Do you run a daily exception report for each employee to identify the “unauthorized discounts?”

  • Do you review a performance report daily by employee to identify their performance on parts margin — retail repair orders and retail counter?
  • Do you compare your performance to the benchmarks in our industry?
  • Do you measure dollar sales per employee? Do you measure transactions per employee?

Remember, if you only measure the performance of the department, you can’t effectively identify the top performers from the underachievers. You can’t identify their individual strengths and weaknesses so that as an owner or manager you can help coach and manage them to improve on their individual performance.

Service Department:

  • Technician’s Flat Rate Hours Produced
  • Technician’s Clock Hours Worked
  • Hours per Repair Order by Advisor
  • Number of Repair Orders Month to Date—Retail-Warranty-Internal by Advisor
  • Number of Appointments Scheduled
  • # of Carryovers
  • Shop Productivity (Hours billed divided by hours worked)

Again, based on my experience and that of my 20 trainers working in dealerships all across the country, we can’t find very many dealers, GMs, service directors/managers and parts managers who measure anything else. Those who do measure more invariably will produce more.

Measure things like their advisors’ unauthorized parts & labor discounts, policy adjustment, parts margin, labor margin, # of up-sells, closing ratio of up-sells, un-sold hours per day, # of menu presentations, closing ratio on menus, # of inspection presentations, etc.

For technicians let’s make sure they inspect every unit, measure # of additional repairs sold from inspections, # of comebacks, HPRO and the number of ROs. Once you inspect what you expect, your employees will see that you care about their individual performance. You care about customer satisfaction. Reaching the goals you have set is important to you and therefore must be important to them.

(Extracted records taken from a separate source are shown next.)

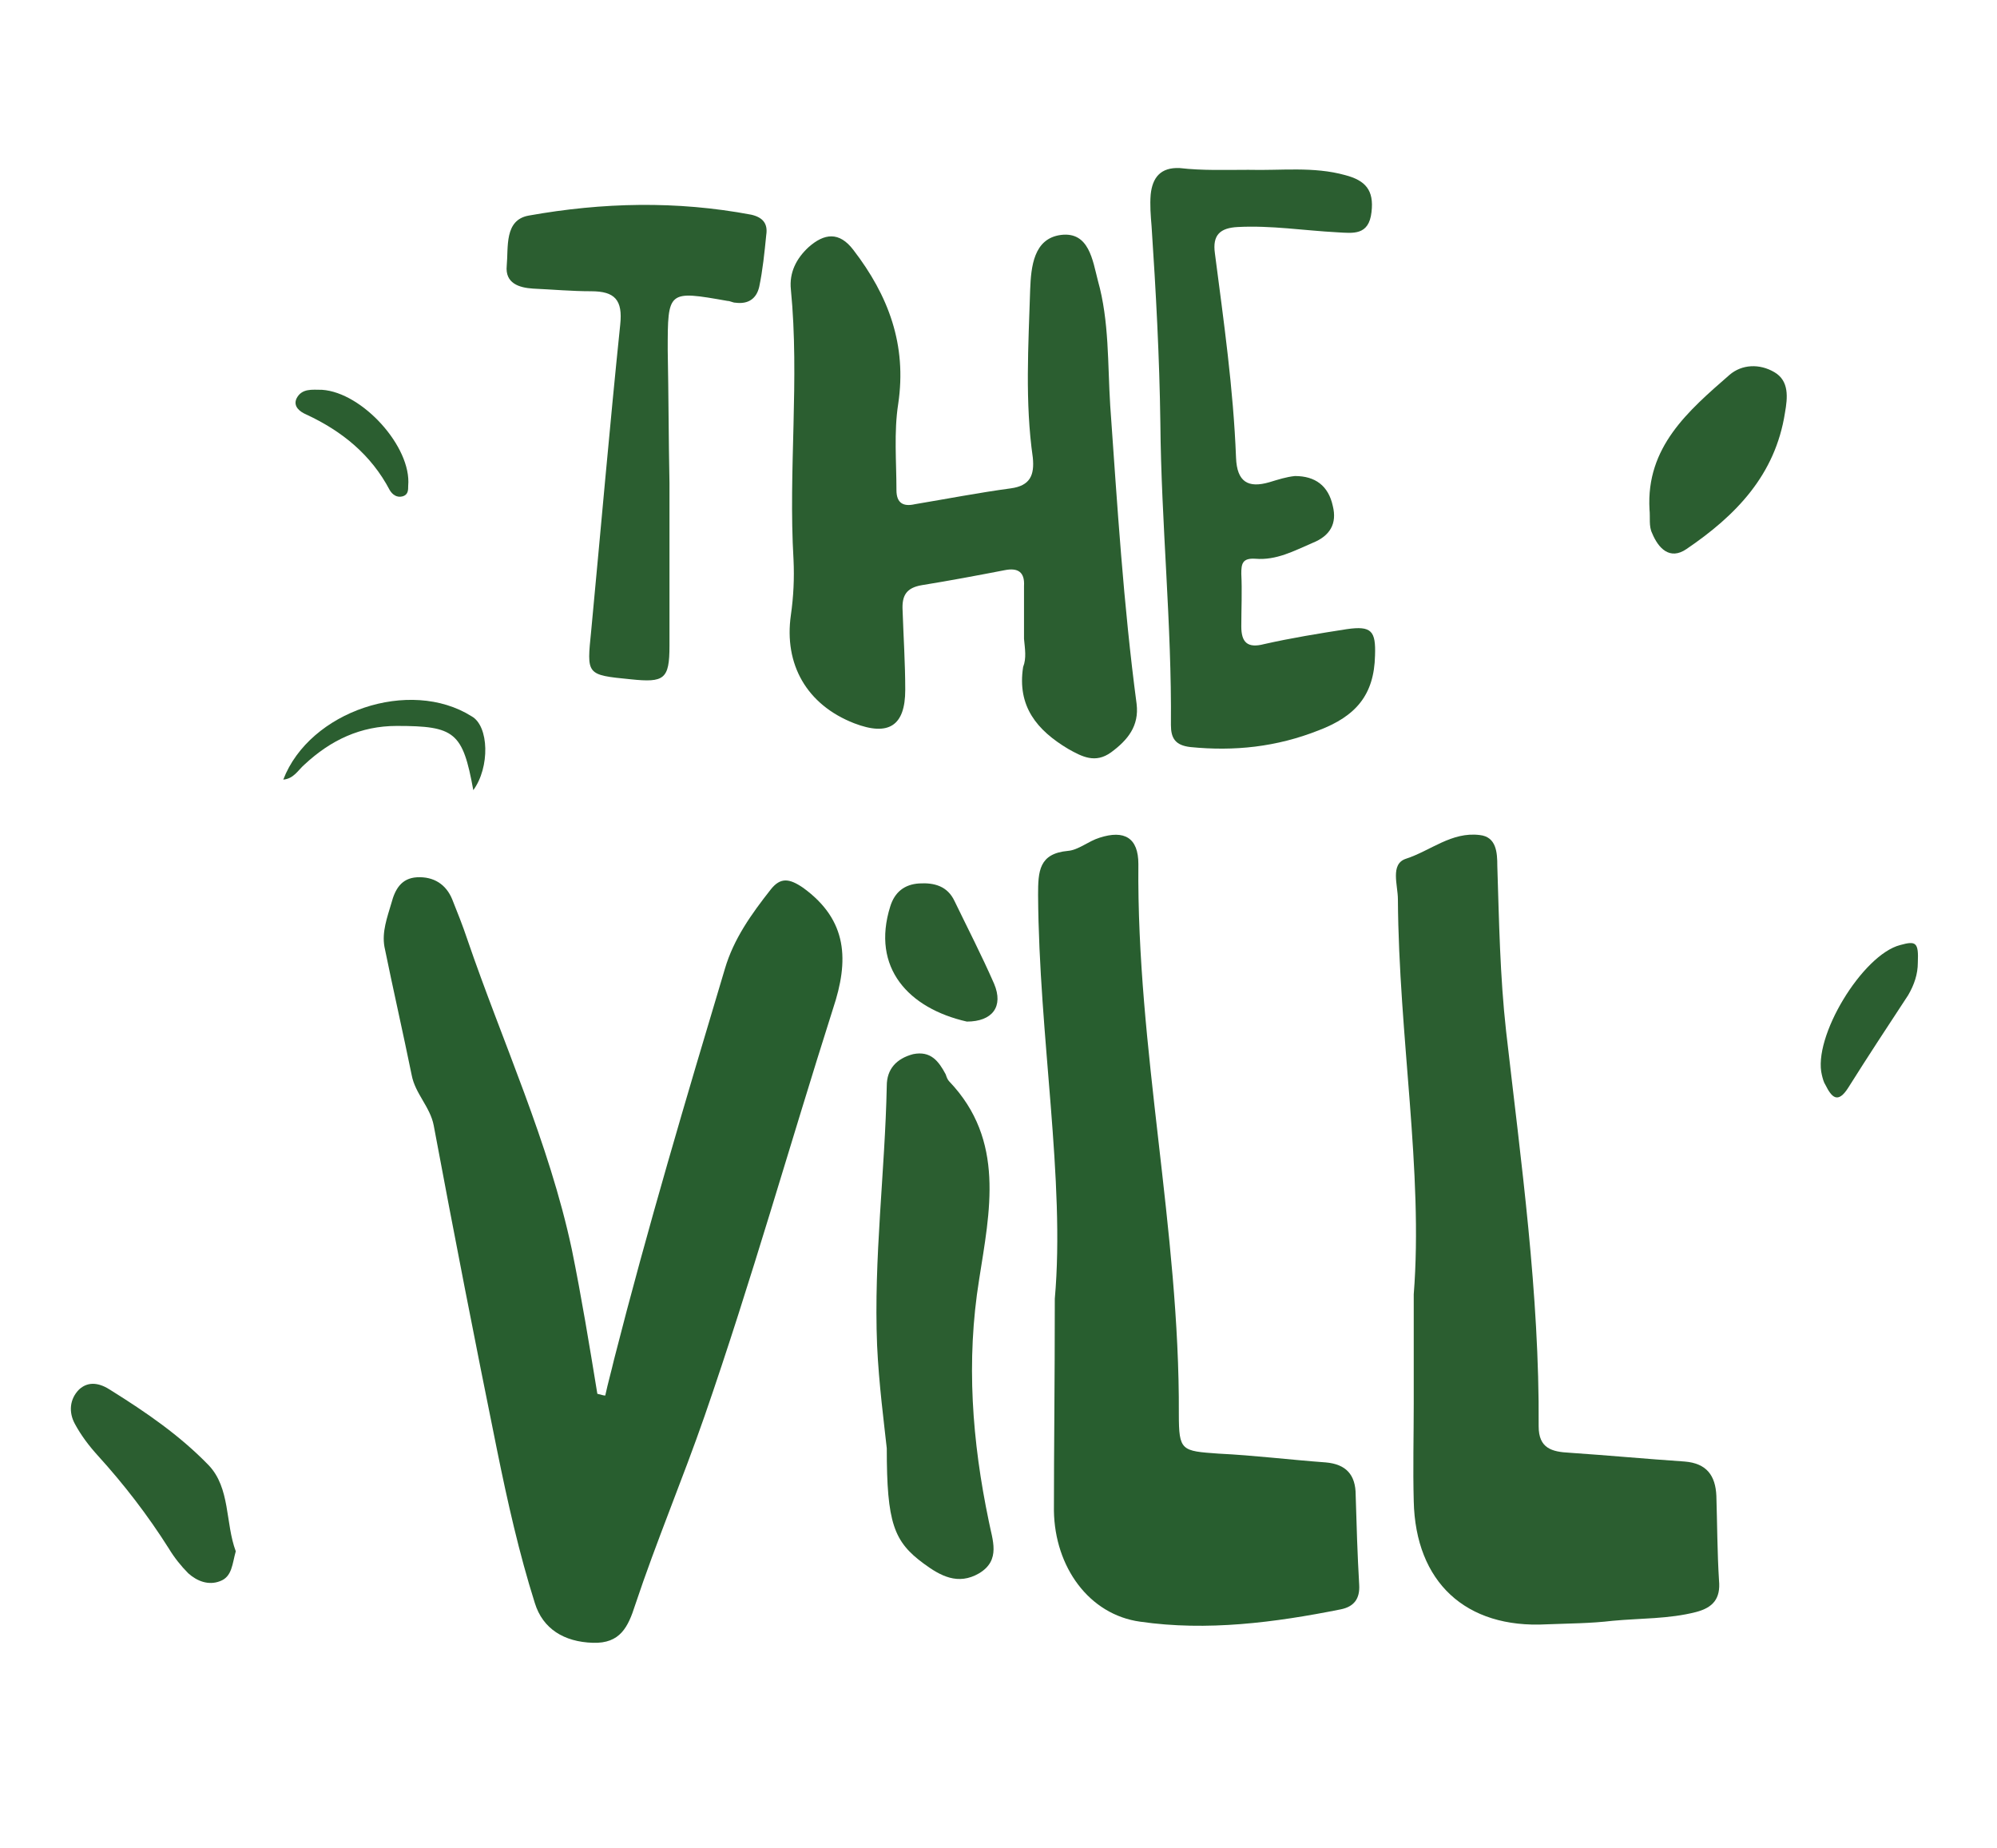<?xml version="1.0" encoding="utf-8"?><svg version="1.1" id="Layer_1" xmlns="http://www.w3.org/2000/svg" x="0px" y="0px" viewBox="-192 292 227 210" xml:space="preserve" enable-background="new -192 292 227 210"><path d="M-123.2,450.6c0.3-1.4,0.7-2.8,1-4.1c3.8-14.9,8.2-29.7,12.6-44.4c1-3.4,3-6.2,5.2-9c1.1-1.4,2.1-1.3,3.7-0.2
	c5.1,3.7,5.2,8.3,3.4,13.7c-4.9,15.4-9.3,31-14.6,46.3c-2.5,7.2-5.5,14.3-7.9,21.5c-0.8,2.5-1.7,4.4-4.8,4.3
	c-3.3-0.1-5.7-1.6-6.6-4.5c-1.8-5.7-3.1-11.5-4.3-17.4c-2.5-12.3-4.9-24.6-7.2-36.9c-0.4-2.1-2.1-3.6-2.5-5.7
	c-1-4.9-2.1-9.7-3.1-14.6c-0.3-1.7,0.3-3.3,0.8-5c0.4-1.5,1.1-2.8,2.9-2.9c1.9-0.1,3.3,0.8,4,2.5c0.6,1.5,1.2,3,1.7,4.5
	c4,11.7,9.3,23.1,11.9,35.3c1.1,5.4,2,10.9,2.9,16.4C-123.7,450.5-123.4,450.6-123.2,450.6z" fill="#285E2F"/><path d="M-31.3,439.1c1.1-13.9-1.7-29.3-1.8-44.9c0-1.6-0.9-4,0.9-4.6c2.8-0.9,5.2-3.1,8.4-2.7c1.9,0.2,2,2,2,3.5
	c0.2,6.3,0.3,12.5,1,18.8c1.7,14.9,3.8,29.8,3.7,44.9c0,2.5,1.5,2.9,3.5,3c4.4,0.3,8.7,0.7,13.1,1c2.5,0.2,3.5,1.6,3.6,3.9
	c0.1,3.2,0.1,6.4,0.3,9.6c0.2,2.1-0.7,3.1-2.6,3.6c-3.1,0.8-6.3,0.7-9.5,1c-2.5,0.3-5,0.3-7.5,0.4c-9.2,0.5-14.9-4.8-15.1-14
	c-0.1-3.7,0-7.4,0-11.1C-31.3,448-31.3,444.4-31.3,439.1z" fill="#2B5E30"/><path d="M-72.1,439.6c1.2-13.5-1.8-29.7-1.9-45.9c0-2.7,0.1-4.7,3.4-5c1.2-0.1,2.3-1.1,3.6-1.5c2.8-0.9,4.4,0,4.4,3
	c-0.2,21,4.7,41.6,4.6,62.5c0,4.2,0.3,4.2,4.5,4.5c4.1,0.2,8.1,0.7,12.2,1c2.3,0.2,3.4,1.4,3.4,3.7c0.1,3.4,0.2,6.8,0.4,10.2
	c0.1,1.6-0.6,2.5-2.1,2.8c-7.5,1.5-15.2,2.5-22.8,1.4c-5.8-0.8-9.7-6.2-9.8-12.6C-72.2,456.5-72.1,449.4-72.1,439.6z" fill="#285E2F"/><path d="M-75.6,364.6c0-2,0-4,0-6c0.1-1.6-0.7-2.1-2.2-1.8c-3.1,0.6-6.3,1.2-9.4,1.7c-1.8,0.3-2.3,1.2-2.2,2.9
	c0.1,3,0.3,6,0.3,9c0,4.1-1.9,5.3-5.8,3.8c-5.4-2.1-8-6.7-7.2-12.3c0.3-2.1,0.4-4.2,0.3-6.3c-0.6-10.2,0.7-20.5-0.3-30.7
	c-0.2-1.9,0.6-3.5,2-4.8c1.8-1.6,3.5-1.8,5.1,0.3c4,5.2,6.1,10.8,5.1,17.5c-0.5,3.2-0.2,6.6-0.2,9.8c0,1.5,0.8,1.9,2.1,1.6
	c3.6-0.6,7.2-1.3,10.9-1.8c2.2-0.3,2.7-1.5,2.5-3.5c-0.9-6.3-0.5-12.7-0.3-19.1c0.1-2.6,0.4-5.8,3.5-6.2c3.2-0.4,3.6,2.9,4.2,5.2
	c1.3,4.6,1.1,9.5,1.4,14.2c0.8,11.3,1.5,22.6,3,33.9c0.3,2.5-1,4.1-2.9,5.5c-1.8,1.3-3.3,0.5-4.9-0.4c-3.5-2.1-5.8-4.8-5.1-9.3
	C-75.3,366.8-75.5,365.7-75.6,364.6C-75.5,364.6-75.5,364.6-75.6,364.6z" fill="#2B5E30"/><path d="M-50.1,311.3c3.7,0.1,7.4-0.4,11,0.6c2.3,0.6,3.3,1.7,3,4.2c-0.3,2.7-2.1,2.4-3.9,2.3
	c-3.8-0.2-7.5-0.8-11.3-0.6c-2,0.1-2.9,0.9-2.6,3c1,7.7,2.1,15.4,2.4,23.2c0.1,2.8,1.4,3.5,3.8,2.8c1-0.3,1.9-0.6,2.9-0.7
	c2.3,0,3.8,1.1,4.3,3.4c0.5,2-0.3,3.4-2.3,4.2c-2.1,0.9-4.1,2-6.5,1.8c-1.5-0.1-1.6,0.6-1.6,1.7c0.1,2,0,4,0,6c0,1.8,0.7,2.5,2.6,2
	c3.1-0.7,6.2-1.2,9.4-1.7c2.8-0.4,3.3,0.2,3.2,3c-0.1,4.5-2.2,6.9-6.4,8.5c-4.8,1.9-9.6,2.4-14.6,1.9c-1.7-0.2-2.2-1-2.2-2.5
	c0.1-11.5-1.1-22.9-1.2-34.3c-0.1-7.5-0.5-14.9-1-22.4c-0.1-1.2-0.2-2.4-0.1-3.6c0.2-1.9,1.1-3.1,3.3-3
	C-55.3,311.4-52.7,311.3-50.1,311.3z" fill="#2B5E30"/><path d="M-91.2,456.6c-0.3-2.8-0.9-7.3-1.1-11.7c-0.4-9.9,0.9-19.7,1.1-29.5c0-1.9,1.1-3.1,3-3.6c2-0.4,2.9,0.8,3.7,2.3
	c0.1,0.3,0.2,0.6,0.4,0.8c6.4,6.7,4.6,14.8,3.4,22.5c-1.5,9.3-0.8,18.4,1.1,27.5c0.4,2.1,1.4,4.4-1.1,5.9c-2.4,1.4-4.4,0.3-6.3-1.1
	C-90.4,467.2-91.2,465.1-91.2,456.6z" fill="#2B5E30"/><path d="M-115.9,346.9c0,6.2,0,12.4,0,18.5c0,3.8-0.6,4.2-4.4,3.8c-5.1-0.5-5-0.5-4.5-5.5c1.1-11.6,2.1-23.2,3.3-34.8
	c0.3-2.8-0.6-3.8-3.3-3.8c-2.2,0-4.4-0.2-6.6-0.3c-1.6-0.1-3.2-0.6-3-2.6c0.2-2.1-0.3-5.2,2.5-5.7c8.4-1.5,16.8-1.7,25.3-0.1
	c1.3,0.3,1.9,1,1.7,2.3c-0.2,2-0.4,4-0.8,5.9c-0.3,1.3-1.2,2-2.7,1.8c-0.3,0-0.6-0.2-0.9-0.2c-6.8-1.2-6.8-1.2-6.8,5.6
	C-116,337-116,342-115.9,346.9C-116,346.9-116,346.9-115.9,346.9z" fill="#2B5E30"/><path d="M-4.5,349.9c-0.4-7.1,4.4-11.2,9.1-15.3c1.4-1.2,3.4-1.3,5.1-0.3c1.7,1,1.5,2.9,1.2,4.6
	c-1.1,7.1-5.6,11.7-11.2,15.5c-1.9,1.3-3.2-0.1-3.9-1.8C-4.6,351.8-4.4,350.8-4.5,349.9z" fill="#2B5E30"/><path d="M-165.2,468.3c-0.4,1.4-0.4,2.9-1.8,3.4c-1.3,0.5-2.6,0-3.6-0.9c-0.8-0.8-1.6-1.8-2.2-2.8
	c-2.4-3.8-5.1-7.3-8.1-10.6c-1-1.1-1.9-2.3-2.6-3.6c-0.7-1.3-0.6-2.8,0.5-3.9c1.1-1,2.4-0.7,3.6,0.1c4,2.5,7.8,5.1,11.1,8.5
	C-165.8,461.1-166.4,465.1-165.2,468.3z" fill="#2B5E30"/><path d="M-82.1,408.1c-6.6-1.5-10.9-6.1-8.7-13.1c0.5-1.6,1.6-2.5,3.3-2.6c1.7-0.1,3.2,0.3,4,2c1.5,3.1,3.1,6.2,4.5,9.4
	C-77.9,406.4-79.2,408.1-82.1,408.1z" fill="#2B5E30"/><path d="M26,401.4c0,1.3-0.4,2.5-1.1,3.7c-2.3,3.5-4.6,7-6.8,10.5c-1.2,1.9-1.9,1.1-2.6-0.3c-0.2-0.3-0.3-0.7-0.4-1.1
	c-1.1-4.3,4.6-13.7,8.9-14.8C25.8,398.9,26.1,399.1,26,401.4z" fill="#2B5E30"/><path d="M-138.2,381.8c-1.2-6.6-2.1-7.3-8.7-7.3c-4.1,0-7.5,1.6-10.5,4.4c-0.7,0.6-1.2,1.6-2.4,1.7
	c3-7.8,14.4-11.6,21.4-7.2C-136.4,374.5-136.3,379.2-138.2,381.8z" fill="#2B5E30"/><path d="M-155.4,336.3c4.6,0.3,10.2,6.5,9.8,10.9c0,0.5,0,1-0.6,1.2c-0.7,0.2-1.2-0.2-1.5-0.7c-2.1-4-5.4-6.7-9.5-8.6
	c-0.7-0.3-1.5-0.9-1.1-1.8C-157.7,336.1-156.5,336.3-155.4,336.3z" fill="#2B5E30"/></svg>

Here is a simple process that costs you absolutely nothing but will have a definite impact on your employees’ production. If you are a dealer, get out of that chair and simply walk through every department of your dealership every day and speak to everyone you see. Acknowledge them with a “Good morning,” “Good afternoon,” “How are you doing” or whatever type greeting is appropriate in your marketplace. You will be pleased with the results you get. If you think I’m wrong then tomorrow morning when you first arrive at your dealership walk directly to your office, do not speak to anyone and slam the door shut! Within about five minutes every employee will be saying, “something bad is about to happen.”

Manage Your Team

If you are a service manager or a parts manager get out of that chair and spend some time with your technicians. Observe the inspection process. Take a personal interest in assisting the technician with getting the right parts as quickly as possible and/or ensure that your special order the right parts.

During your busy season, how about both service and parts managers getting out of that chair and visiting with your customers who might be waiting for their RV to get serviced or who are waiting to see your advisors?

All About the Stats

Getting back to the stats — it is important that you maximize the capabilities of your DMS. Are you aware of all the reports that the system provides? Are you reviewing those reports daily? Are you sharing these reports with those employees who are responsible for producing the results you’re reviewing? Accountability for one’s performance is the key if you expect to grow and prosper. Make sense?

To sum it up, I see most dealers measuring about 23 stats per day in their sales departments and only about 13 stats per day in service and parts. If you follow my recommendations listed above that number jumps to about 30 stats per day and the good news is it costs you absolutely nothing! Now take a pen and check off all of the stats you measure daily in your sales department and then check off all of the ones you measure daily in your service and parts departments. Again, the emphasis is on daily. How did you score — top performer or underachiever? It’s all in the stats!